The story that returns, or rather the moment in which the ghosts of their past decide to collect the bill that was contracted with them, is the backdrop to Moronga by Horacio Castellanos Moya (Rizzoli, pp. 334, euro 19, translation by Raul Schenardi) a Salvadoran author who chose to move to the United States to escape the threats received in his own country. It is in this reality that his stories stage the world of exiles, and of the survivors of the conflicts they took part in at home. Two former guerrillas from El Salvador find themselves in a small town in Wisconsin, both determined to build a new life, leave wounds and mourning behind, forget and be forgotten. The kidnapping of a little girl and a stranger who has set out on their trail will end up definitively undermining the serene patina of their new existences, revealing a horizon made of violence, where the drift of former comrades in struggle, the Maras network, the power of drug traffickers threaten to force them to start a new war, this time for simple survival.

THE ECHO OF MEMORY which can become a threat also takes on more exquisitely narrative forms. This is the case of the writer Ahmet Ümit, refined protagonist of the Turkish detective story, who with Our love is an old novel (Scriturapura, pp. 228, euro 18, translation by Nicola Verderame) builds a literary yellow that starts from the murder of a wealthy bibliophile in Istanbul’s Pera Palas by a woman who looks nothing less than Agatha Christie.

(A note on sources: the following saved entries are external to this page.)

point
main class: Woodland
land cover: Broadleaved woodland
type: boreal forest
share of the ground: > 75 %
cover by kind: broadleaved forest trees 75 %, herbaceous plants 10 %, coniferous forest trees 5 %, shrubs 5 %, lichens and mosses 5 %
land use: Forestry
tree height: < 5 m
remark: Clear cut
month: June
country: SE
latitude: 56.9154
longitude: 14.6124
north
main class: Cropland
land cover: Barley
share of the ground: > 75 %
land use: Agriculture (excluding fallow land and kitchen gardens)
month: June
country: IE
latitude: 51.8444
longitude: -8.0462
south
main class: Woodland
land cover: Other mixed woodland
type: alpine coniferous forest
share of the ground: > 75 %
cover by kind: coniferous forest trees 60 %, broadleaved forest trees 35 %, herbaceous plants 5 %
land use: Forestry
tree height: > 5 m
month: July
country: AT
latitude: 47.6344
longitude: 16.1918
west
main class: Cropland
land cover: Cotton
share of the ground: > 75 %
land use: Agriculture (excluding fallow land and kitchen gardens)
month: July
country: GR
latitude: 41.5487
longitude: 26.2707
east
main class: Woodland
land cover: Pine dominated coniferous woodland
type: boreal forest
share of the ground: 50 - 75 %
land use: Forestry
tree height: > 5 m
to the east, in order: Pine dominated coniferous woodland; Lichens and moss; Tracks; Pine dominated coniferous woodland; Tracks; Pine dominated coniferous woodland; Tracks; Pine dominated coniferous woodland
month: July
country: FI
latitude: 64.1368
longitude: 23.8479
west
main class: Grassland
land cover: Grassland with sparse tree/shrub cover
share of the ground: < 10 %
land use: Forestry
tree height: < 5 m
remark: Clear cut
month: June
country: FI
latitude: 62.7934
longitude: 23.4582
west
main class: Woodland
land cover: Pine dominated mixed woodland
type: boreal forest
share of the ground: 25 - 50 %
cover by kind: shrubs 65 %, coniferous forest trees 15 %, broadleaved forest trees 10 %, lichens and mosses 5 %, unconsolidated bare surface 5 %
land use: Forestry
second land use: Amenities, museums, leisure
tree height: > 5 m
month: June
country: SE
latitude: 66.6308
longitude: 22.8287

Commissioner Nevzat, the (unwillingly) undisputed hero of Ümit’s stories and former star of New Year in Istanbul (Scriturapura, 2021) where the police investigation joins the social one, between the echoes of the Gezi Park affair and the weight of building speculation in the metropolis overlooking the Bosphorus, will have to deal with the ghosts that seem to take shape from books as with far more concrete and dangerous threats. Ultimately, for him as for Ümit himself, the real risk lies not so much in failing to complete an investigation, as in wasting that opportunity that has been granted to us to really understand who we are dealing with: «A murder investigation it does not consist only in the search for the murderer. And it’s not even regarding solving a complex mathematical problem, in which numbers are people and operations are facts. It is rather the effort to fully understand the human being, the commitment to find a right way of life”.